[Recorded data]
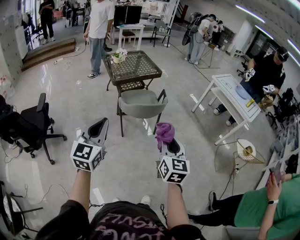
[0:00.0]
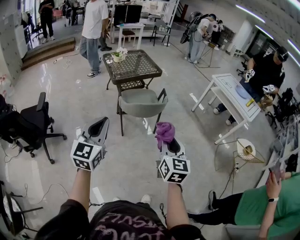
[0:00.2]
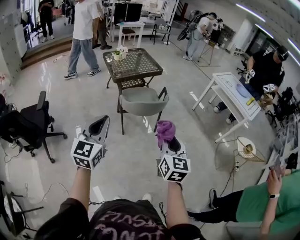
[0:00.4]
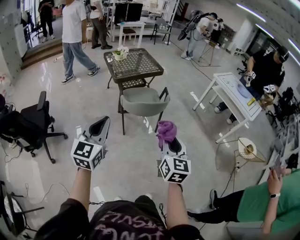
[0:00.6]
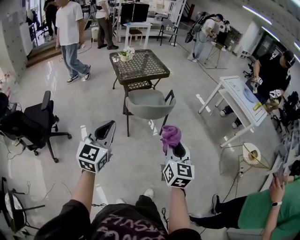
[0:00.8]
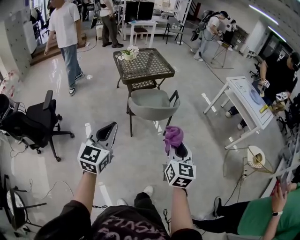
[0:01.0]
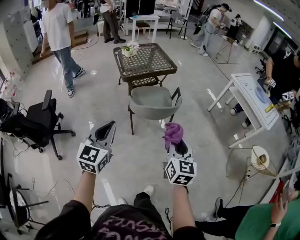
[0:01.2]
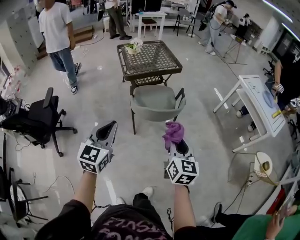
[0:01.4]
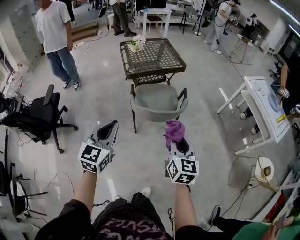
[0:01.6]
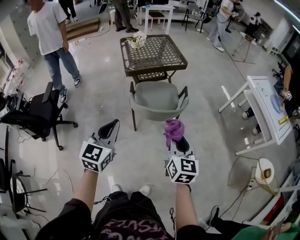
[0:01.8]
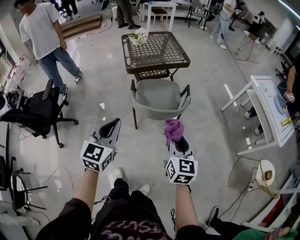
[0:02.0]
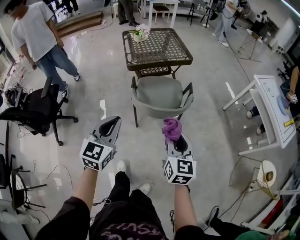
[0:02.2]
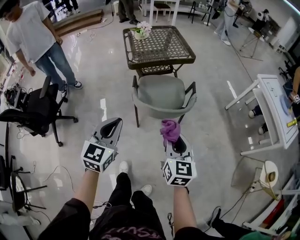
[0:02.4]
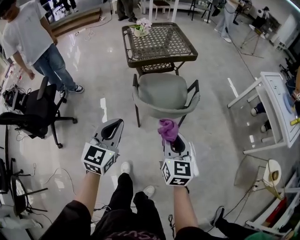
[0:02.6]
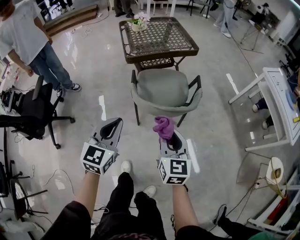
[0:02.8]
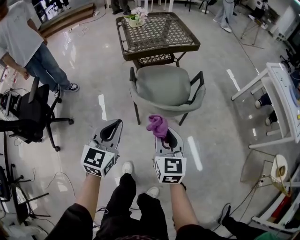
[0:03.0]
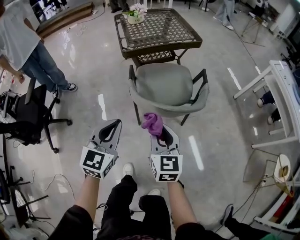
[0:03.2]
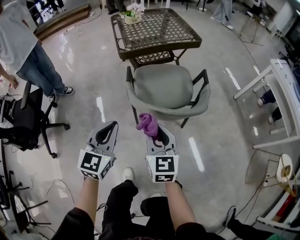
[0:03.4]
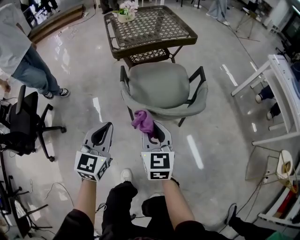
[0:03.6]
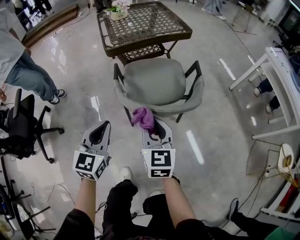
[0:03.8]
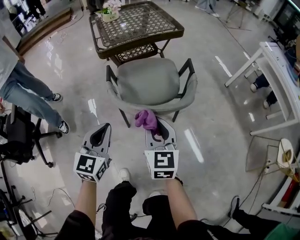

> **YOUR TASK**
Please print the entries shown above again, exactly, and skip the pictures.

> **EXERCISE SOLUTION**
[0:00.0]
[0:00.2]
[0:00.4]
[0:00.6]
[0:00.8]
[0:01.0]
[0:01.2]
[0:01.4]
[0:01.6]
[0:01.8]
[0:02.0]
[0:02.2]
[0:02.4]
[0:02.6]
[0:02.8]
[0:03.0]
[0:03.2]
[0:03.4]
[0:03.6]
[0:03.8]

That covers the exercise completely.